Alors que LeDroit rapportait il y a une dizaine de jours que l'anglais devrait être utilisé pendant près de la moitié des 18 premiers mois de formation au sein la future faculté satellite de médecine, la députée Claire Samson, porte-parole de la CAQ en matière de protection et promotion de la langue française, a abordé la question en chambre pour réclamer la francisation du programme.

«Le Parti libéral minimise toujours la défense et la primauté du français, a affirmé Mme Samson. Il trouve toujours des excuses. [...] La CAQ exige du gouvernement et de l'Université McGill de corriger la situation et d'offrir des cours en français lors de l'inauguration de la faculté de médecine, en 2020. Ils ont trois ans pour le faire, c'est un délai raisonnable, un effort raisonnable et légitime qui démontre la primauté du français.»

La ministre de l'Enseignement supérieur, Hélène David, a répliqué en affirmant que la création de la faculté satellite de médecine dans la région est «une extraordinaire nouvelle» et que «les gens en Outaouais étaient parfaitement souriants, très heureux» de l'annonce.

Mme David a également souligné que la situation est différente des autres facultés satellites, en donnant l'exemple de l'Université du Québec à Trois-Rivières qui offre «l'enseignement des sciences fondamentales de base». «L'université qui est là - ça s'appelle l'UQO, l'Université du Québec en Outaouais - n'a pas cette infrastructure et ces cours de base en sciences fondamentales, en médecine, donc ça doit se faire avec l'Université McGill», a mentionné la ministre.

Jointe au téléphone, Claire Samson déplore que «la faculté de médecine de l'Outaouais ne sera accessible qu'aux Québécois pleinement bilingues». Même si l'Outaouais se retrouve sous la responsabilité de l'Université McGill en raison de la division territoriale en vigueur pour les facultés de médecine de la province, la CAQ demande à ce qu'une autre université offre la formation dans la région si McGill ne peut franciser son programme à temps pour l'ouverture prévue en 2020.

Réactions souhaitées

«J'espère que les gens de la région vont réagir et que les étudiants aussi vont réagir, a mentionné Mme Samson. Je ne veux pas qu'on forme des médecins pour l'Ontario, je veux qu'on en forme pour le Québec, et pour ça, il faut que la formation puisse se faire en français.»

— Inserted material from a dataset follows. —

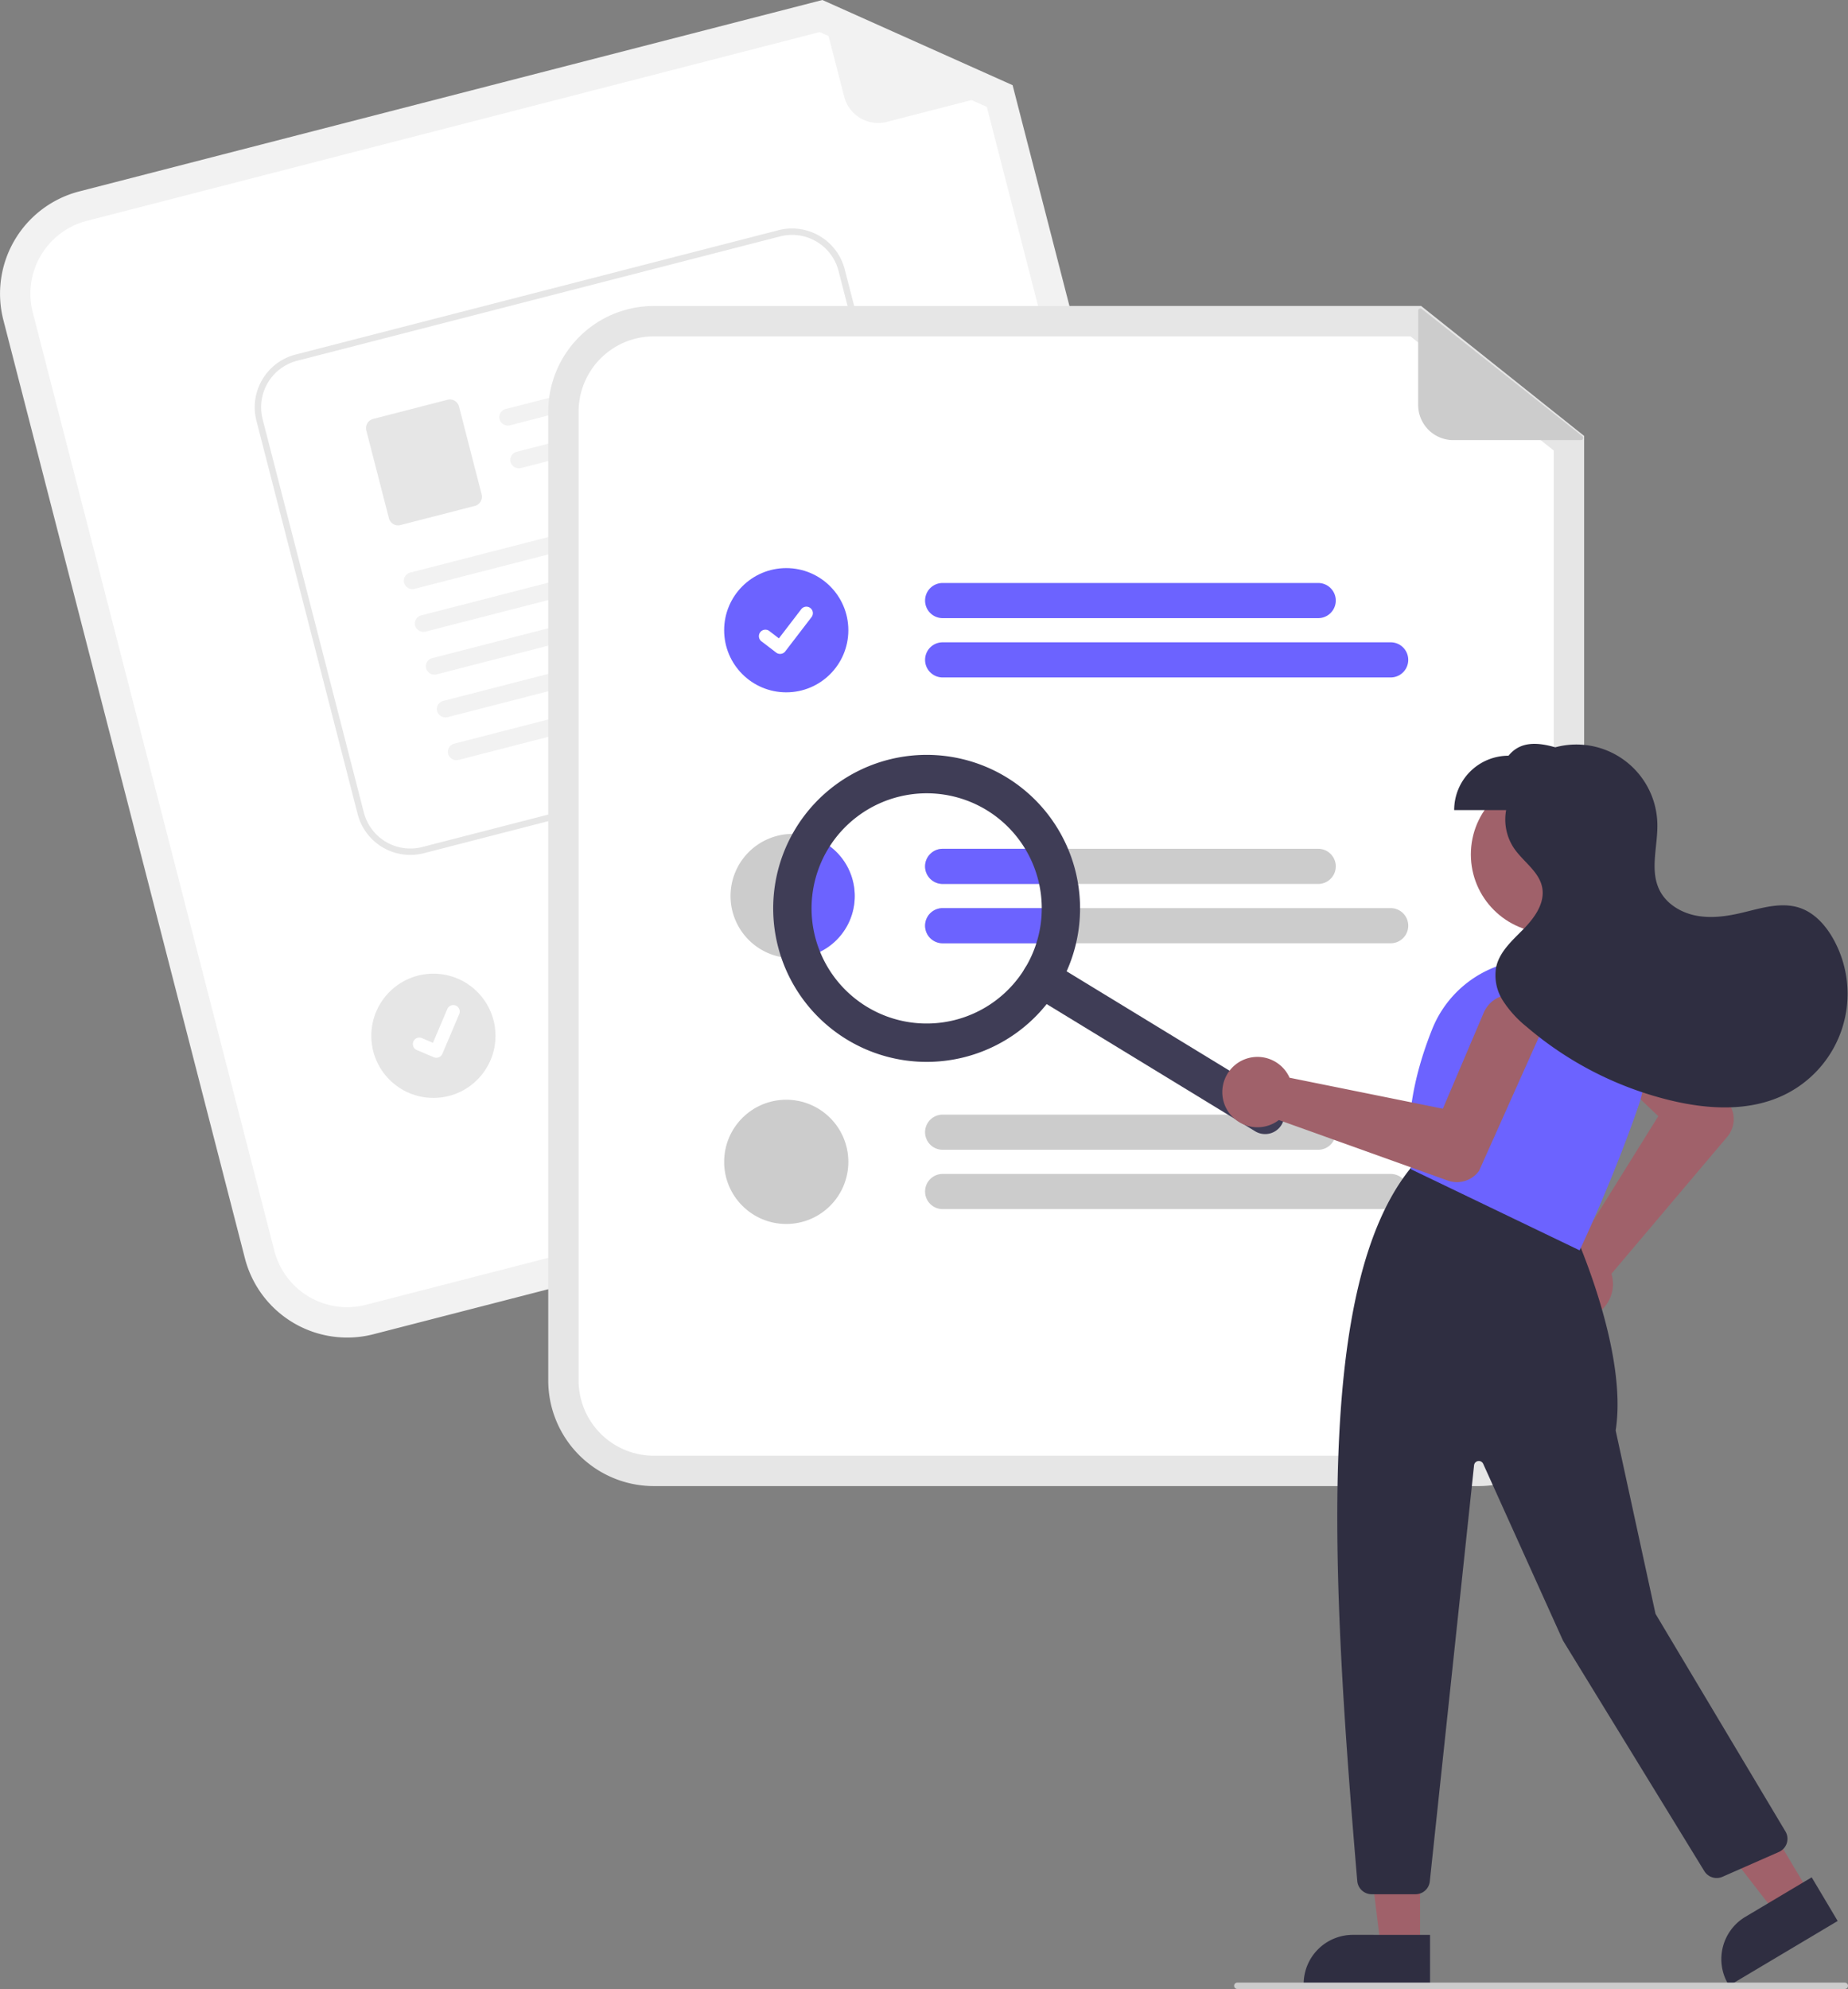<svg data-name="Layer 1" xmlns="http://www.w3.org/2000/svg" width="578.001" height="621.926"><rect width="100%" height="100%" fill="#808080" stroke="none"/><path d="M366.643 352.86l-249.849 64.339a33.037 33.037 0 01-40.187-23.728L1.047 100.044a33.037 33.037 0 0123.727-40.187L257.218 0l59.495 26.634 73.658 286.04a33.037 33.037 0 01-23.728 40.186z" fill="#f2f2f2"/><path d="M27.143 69.057a23.527 23.527 0 00-16.897 28.618l75.561 293.427a23.527 23.527 0 0028.618 16.897l249.849-64.339a23.527 23.527 0 0016.897-28.618L308.654 33.435l-52.285-23.406z" fill="#fff"/><path d="M316.078 28.148l-38.668 9.957a10.99 10.99 0 01-13.384-7.903l-7.354-28.56a.687.687 0 01.944-.798l58.57 26.01a.687.687 0 01-.108 1.294z" fill="#f2f2f2"/><path d="M295.735 278.728l-113.753 29.293a5.495 5.495 0 01-2.74-10.644l113.752-29.292a5.495 5.495 0 112.741 10.643zM322.312 291.036l-135.705 34.946a5.495 5.495 0 01-2.74-10.644l135.705-34.945a5.495 5.495 0 012.74 10.643z" fill="#ccc"/><circle data-name="Ellipse 44" cx="135.555" cy="323.878" r="19.423" fill="#e6e6e6"/><path d="M283.64 227.896l-151.075 38.89a17.02 17.02 0 01-20.701-12.226l-31.66-122.99a17.02 17.02 0 0112.225-20.702L243.504 71.98a17.02 17.02 0 0120.702 12.226l31.66 122.99a17.02 17.02 0 01-12.226 20.701z" fill="#fff"/><path d="M283.64 227.896l-151.075 38.89a17.02 17.02 0 01-20.701-12.226l-31.66-122.99a17.02 17.02 0 0112.225-20.702L243.504 71.98a17.02 17.02 0 0120.702 12.226l31.66 122.99a17.02 17.02 0 01-12.226 20.701zM92.928 112.806a15.017 15.017 0 00-10.787 18.265l31.66 122.99a15.017 15.017 0 0018.265 10.788l151.075-38.89a15.017 15.017 0 0010.787-18.265l-31.66-122.99a15.017 15.017 0 00-18.265-10.788z" fill="#e6e6e6"/><path data-name="Path 411" d="M235.84 113.334l-76.246 19.626a2.73 2.73 0 01-3.308-1.718 2.63 2.63 0 011.853-3.34l77.613-19.978c3.135 1.588 2.31 4.837.087 5.41z" fill="#f2f2f2"/><path data-name="Path 412" d="M239.283 126.708l-76.246 19.626a2.73 2.73 0 01-3.308-1.718 2.63 2.63 0 011.852-3.34l77.614-19.978c3.135 1.588 2.31 4.837.087 5.41z" fill="#f2f2f2"/><path data-name="Path 413" d="M148.515 158.192l-23.27 5.99a2.962 2.962 0 01-3.603-2.128l-7.068-27.46a2.962 2.962 0 012.127-3.603l23.27-5.99a2.963 2.963 0 013.603 2.128l7.069 27.46a2.962 2.962 0 01-2.128 3.603z" fill="#e6e6e6"/><path data-name="Path 414" d="M246.11 154.148l-116.365 29.954a2.73 2.73 0 01-3.308-1.719 2.63 2.63 0 011.852-3.339l117.734-30.306c3.135 1.588 2.31 4.838.087 5.41z" fill="#f2f2f2"/><path data-name="Path 415" d="M249.553 167.526L133.19 197.48a2.73 2.73 0 01-3.309-1.719 2.63 2.63 0 011.853-3.339l117.734-30.306c3.135 1.588 2.31 4.838.087 5.41z" fill="#f2f2f2"/><path data-name="Path 416" d="M252.995 180.895L136.63 210.849a2.73 2.73 0 01-3.308-1.718 2.63 2.63 0 011.853-3.34l117.733-30.306c3.135 1.588 2.31 4.838.087 5.41z" fill="#f2f2f2"/><path data-name="Path 417" d="M256.438 194.272l-116.364 29.954a2.73 2.73 0 01-3.309-1.719 2.63 2.63 0 011.853-3.339l117.733-30.306c3.136 1.588 2.31 4.838.087 5.41z" fill="#f2f2f2"/><path data-name="Path 418" d="M259.88 207.642l-116.365 29.954a2.73 2.73 0 01-3.308-1.718 2.63 2.63 0 011.853-3.34l117.733-30.306c3.135 1.588 2.31 4.838.087 5.41z" fill="#f2f2f2"/><path data-name="Path 395" d="M136.988 330.686a2.014 2.014 0 01-1.274-.088l-.025-.01-5.291-2.243a2.029 2.029 0 111.587-3.734l3.429 1.459 4.493-10.57a2.028 2.028 0 012.659-1.072l-.026.07.028-.07a2.03 2.03 0 011.072 2.66l-5.286 12.427a2.029 2.029 0 01-1.365 1.168z" fill="#fff"/><path d="M462.475 464.678h-258a33.037 33.037 0 01-33-33v-303a33.037 33.037 0 0133-33h240.027l50.973 40.628v295.372a33.037 33.037 0 01-33 33z" fill="#e6e6e6"/><path d="M204.475 105.178a23.527 23.527 0 00-23.5 23.5v303a23.527 23.527 0 0023.5 23.5h258a23.527 23.527 0 0023.5-23.5V140.883l-44.796-35.705z" fill="#fff"/><path d="M412.294 193.282H294.83a5.495 5.495 0 010-10.991h117.464a5.495 5.495 0 110 10.99zM434.963 211.829H294.83a5.495 5.495 0 010-10.991h140.133a5.495 5.495 0 110 10.99z" fill="#6c63ff"/><path d="M412.295 265.406h-117.46a5.495 5.495 0 100 10.99h117.46a5.495 5.495 0 000-10.99zM434.965 283.956h-140.13a5.495 5.495 0 100 10.99h140.13a5.495 5.495 0 000-10.99zM412.294 359.517H294.83a5.495 5.495 0 010-10.99h117.464a5.495 5.495 0 110 10.99zM434.963 378.064H294.83a5.495 5.495 0 010-10.99h140.133a5.495 5.495 0 110 10.99z" fill="#ccc"/><circle data-name="Ellipse 44" cx="245.916" cy="197.06" r="19.423" fill="#6c63ff"/><path data-name="Path 395" d="M243.99 204.47a2.014 2.014 0 01-1.211-.404l-.022-.016-4.564-3.492a2.029 2.029 0 112.468-3.22l2.957 2.268 6.986-9.115a2.028 2.028 0 012.843-.376l-.043.061.045-.06a2.03 2.03 0 01.375 2.843l-8.218 10.717a2.029 2.029 0 01-1.613.79z" fill="#fff"/><path d="M267.335 280.176a19.423 19.423 0 01-19.42 19.43 4.176 4.176 0 01-.5-.02 19.422 19.422 0 1119.92-19.41z" fill="#ccc"/><circle data-name="Ellipse 44" cx="245.916" cy="363.295" r="19.423" fill="#ccc"/><path d="M494.483 137.614h-39.929a10.99 10.99 0 01-10.99-10.99V97.131a.687.687 0 011.113-.538l50.233 39.795a.687.687 0 01-.427 1.225z" fill="#ccc"/><path d="M267.335 280.176a19.423 19.423 0 01-19.42 19.43 4.176 4.176 0 01-.5-.02 42.05 42.05 0 013.77-38.56 19.433 19.433 0 0116.15 19.15zM289.335 270.906a5.51 5.51 0 015.5-5.5h29.27a41.573 41.573 0 013.61 10.99h-32.88a5.501 5.501 0 01-5.5-5.49zM328.395 283.956a41.924 41.924 0 01-1.46 10.99h-32.1a5.495 5.495 0 110-10.99z" fill="#6c63ff"/><path d="M400.817 351.733a6 6 0 01-8.247 1.998l-70.005-42.7a6 6 0 016.249-10.245l70.005 42.7a6 6 0 011.998 8.247z" fill="#3f3d56"/><path d="M330.812 309.033a48 48 0 11-15.983-65.974 48.054 48.054 0 0115.983 65.974zm-71.713-43.742a36 36 0 1049.48-11.987 36.04 36.04 0 00-49.48 11.987z" fill="#3f3d56"/><circle cx="484.603" cy="267.173" r="24.561" fill="#a0616a"/><path d="M483.016 404.864a11.002 11.002 0 018.322-14.151 10.468 10.468 0 011.46-.18l25.871-41.524-23.632-22.466a9.432 9.432 0 1113.12-13.553l32.63 32.174.065.08a8.545 8.545 0 01-.594 10.184l-36.25 42.873a10.301 10.301 0 01.27 1.046 11.003 11.003 0 01-9.875 13.117q-.469.04-.932.04a11.037 11.037 0 01-10.455-7.64zM444.151 609.001l-12.26-.001-5.832-47.288 18.094.001-.002 47.288z" fill="#a0616a"/><path d="M447.277 620.885l-39.53-.002v-.5a15.386 15.386 0 0115.386-15.386h.001l24.144.001z" fill="#2f2e41"/><path fill="#a0616a" d="M566.007 592.05l-10.534 6.272-29.205-37.646 15.547-9.257 24.192 40.631z"/><path d="M574.773 600.662l-33.966 20.223-.256-.43a15.386 15.386 0 015.349-21.092l20.746-12.352zM424.513 588.176c-8.213-96.707-13.099-186.545 16.924-223.194l.232-.284 50.526 20.21.083.182c.17.37 16.974 37.333 13.054 62.194l12.463 57.328 40.635 68.041a4.501 4.501 0 01-2.05 6.428l-17.66 7.77a4.521 4.521 0 01-5.648-1.766l-44.204-72.08-24.968-55.287a1.5 1.5 0 00-2.859.46l-13.84 130.096a4.492 4.492 0 01-4.474 4.025h-13.729a4.53 4.53 0 01-4.485-4.123z" fill="#2f2e41"/><path d="M441.607 365.749l-.24-.115-.038-.265c-1.888-13.21.346-27.888 6.64-43.625A34.636 34.636 0 01488.17 301a34.594 34.594 0 0122.061 16.964 34.22 34.22 0 012.373 27.424c-7.934 23.2-18.226 44.908-18.33 45.124l-.215.454z" fill="#6c63ff"/><path d="M386.48 332.845a11.002 11.002 0 0116.17 2.84 10.469 10.469 0 01.68 1.304l47.954 9.692 12.768-30.003a9.432 9.432 0 1117.29 7.543l-18.71 41.83-.052.09a8.545 8.545 0 01-9.748 3.01l-52.853-18.94a10.303 10.303 0 01-.885.618 11.003 11.003 0 01-15.744-4.656q-.202-.425-.365-.859a11.037 11.037 0 013.496-12.469z" fill="#a0616a"/><path d="M573.332 293.475c-2.366-4.192-5.813-8.03-10.37-9.58-5.884-2.001-12.256.13-18.307 1.552-4.661 1.096-9.531 1.767-14.23.842-4.698-.925-9.23-3.66-11.368-7.944-3.145-6.304-.496-13.821-.687-20.863a25.334 25.334 0 00-31.924-23.81c-5.793-1.673-11.039-1.827-14.622 2.627a17 17 0 00-17 17h16.255a16.15 16.15 0 002.454 11.93c2.87 4.216 7.86 7.266 8.82 12.275.931 4.853-2.368 9.458-5.83 12.986-3.46 3.528-7.474 7.024-8.555 11.847a14.689 14.689 0 002.104 10.564 34.403 34.403 0 007.386 8.136 108.402 108.402 0 0045.038 23.04c11.704 2.818 24.505 3.549 35.37-1.635a35.126 35.126 0 0015.466-48.967z" fill="#2f2e41"/><path d="M577.001 621.926h-190a1 1 0 010-2h190a1 1 0 010 2z" fill="#ccc"/></svg>

La semaine dernière, dans une lettre ouverte publiée dans nos pages, le doyen de la faculté de médecine de McGill, le Dr David Eidelman, et le vice-doyen adjoint à l'enseignement de la médecine à cette même université, le Dr Gilles Brousseau, ont rappelé que «sur l'ensemble de la formation, à peine 8% du cursus sera livré en anglais».

«La population peut être assurée que McGill travaillera avec ses partenaires régionaux pour pouvoir offrir, à terme, une formation médicale à 100% en français», écrivaient-ils aussi.